Hastings said it wasn’t difficult to coax the now-famed survivalists share their knowledge of the outdoors for the greater good. The first one she reached out to was Garland, when she learned he was from Arkansas. “I messaged him and he was absolutely thrilled to come do it,” Hastings said. “As we were talking he told me there were other [castmates] who have skillsets that fit what we’ll be working on.”

Garland was included on an episode that challenges fans of the show. In the two weeks he spent in Arizona’s craggy Chiricuahua Mountains, he fed himself and his partner by cooking a snake he had pinned and axed. He also treated an open wound on his partner’s arm with tannins from a pot of acorns he gathered and boiled.

Jessica Lee spent 18 days alone in a Columbian rainforest after her partner tapped out two days into the challenge. Lee was forced to leave one day shy of her extraction date because of hypothermia. 

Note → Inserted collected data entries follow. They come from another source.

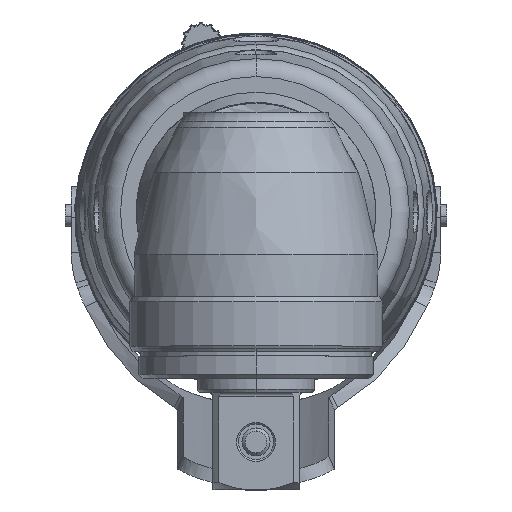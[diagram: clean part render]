
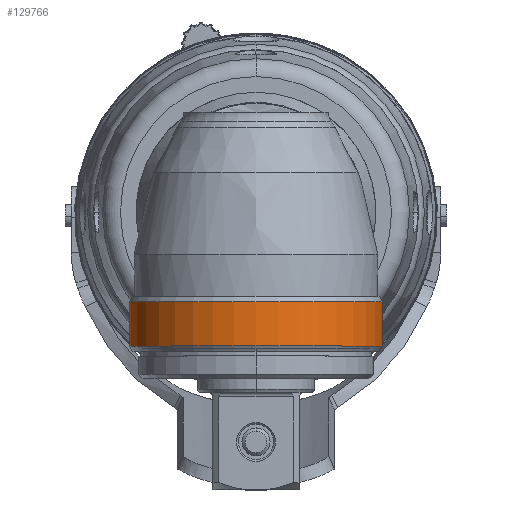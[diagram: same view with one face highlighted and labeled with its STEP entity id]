
A CAD part, top view. The second image highlights one B-rep face of the part: STEP entity #129766.
In plain terms, the highlighted cylindrical face has radius 14 mm (diameter 28 mm), a partial arc.
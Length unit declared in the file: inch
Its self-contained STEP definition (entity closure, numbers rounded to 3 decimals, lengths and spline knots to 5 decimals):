
#56843=CARTESIAN_POINT('',(0.,-0.39395,2.79528));
#56844=DIRECTION('',(0.,-1.,0.));
#56845=DIRECTION('',(1.,0.,0.));
#56846=AXIS2_PLACEMENT_3D('',#56843,#56844,#56845);
#56848=CARTESIAN_POINT('',(0.,-0.58637,2.79528));
#56849=DIRECTION('',(0.,-1.,0.));
#56850=DIRECTION('',(1.,0.,0.));
#56851=AXIS2_PLACEMENT_3D('',#56848,#56849,#56850);
#56858=DIRECTION('',(0.,1.,0.));
#56859=VECTOR('',#56858,0.19242);
#56860=CARTESIAN_POINT('',(-0.55118,-0.58637,
2.79528));
#56861=LINE('',#56860,#56859);
#56867=DIRECTION('',(0.,1.,0.));
#56868=VECTOR('',#56867,0.19242);
#56869=CARTESIAN_POINT('',(0.55118,-0.58637,
2.79528));
#56870=LINE('',#56869,#56868);
#68084=CARTESIAN_POINT('',(0.55118,-0.58637,
2.79528));
#68086=VERTEX_POINT('',#68084);
#68088=CARTESIAN_POINT('',(-0.55118,-0.58637,
2.79528));
#68090=VERTEX_POINT('',#68088);
#68095=CARTESIAN_POINT('',(0.55118,-0.39395,
2.79528));
#68096=CARTESIAN_POINT('',(-0.55118,-0.39395,
2.79528));
#68097=VERTEX_POINT('',#68095);
#68098=VERTEX_POINT('',#68096);
#129752=CARTESIAN_POINT('',(0.,-0.35807,2.79528));
#129753=DIRECTION('',(0.,-1.,0.));
#129754=DIRECTION('',(-1.,0.,0.));
#129755=AXIS2_PLACEMENT_3D('',#129752,#129753,#129754);
#129756=CYLINDRICAL_SURFACE('',#129755,0.55118);
#129757=ORIENTED_EDGE('',*,*,#129744,.F.);
#129759=ORIENTED_EDGE('',*,*,#129758,.F.);
#129761=ORIENTED_EDGE('',*,*,#129760,.T.);
#129763=ORIENTED_EDGE('',*,*,#129762,.T.);
#129764=EDGE_LOOP('',(#129757,#129759,#129761,#129763));
#129765=FACE_OUTER_BOUND('',#129764,.F.);
#129766=ADVANCED_FACE('',(#129765),#129756,.T.);
#56847=CIRCLE('',#56846,0.55118);
#56852=CIRCLE('',#56851,0.55118);
#129744=EDGE_CURVE('',#68097,#68098,#56847,.T.);
#129758=EDGE_CURVE('',#68086,#68097,#56870,.T.);
#129760=EDGE_CURVE('',#68086,#68090,#56852,.T.);
#129762=EDGE_CURVE('',#68090,#68098,#56861,.T.);

After his headstrong partner ditched halfway through the challenge of Grizzly Mountains of Montana, Joe Ortlip spent the remainder of his solitude  battling hunger and freezing night temperatures. He snacked on grasshoppers, fed on frogs and went face-to-face with a young bull moose before hiking several miles to the extraction point.

“These guys have a different take than what we normally would in a classroom setting,” Hastings explained, “because they’ve been out for 21 days, they’ve actually built fires when it was raining and found their own food. We kind of felt it would be a different perspective for our searchers.”

At the conference, the search and rescue teams undergo training through various testing stations designed to ascertain they would be able to care for themselves as well as the missing person who’s been lost in the wilderness. “We put them through worst-case scenarios,” Hastings explained, “if it’s inclement weather or if they get lost and have to stay in the woods longer. It would be a rare occasion where they would have to stop and build themselves a shelter, but it could happen.”

In addition to the “Naked & Afraid” cast, agencies presenting include the National Association for Search and Rescue, U.S. Border Patrol, National Weather Service, Hot Spring County Office of Emergency Management, LifeNet, Franklin County SAR, Landers K9 Service, K9 Oklahoma, Oklahoma State Bureau of Investigation, Benton County SAR and Garland County SAR.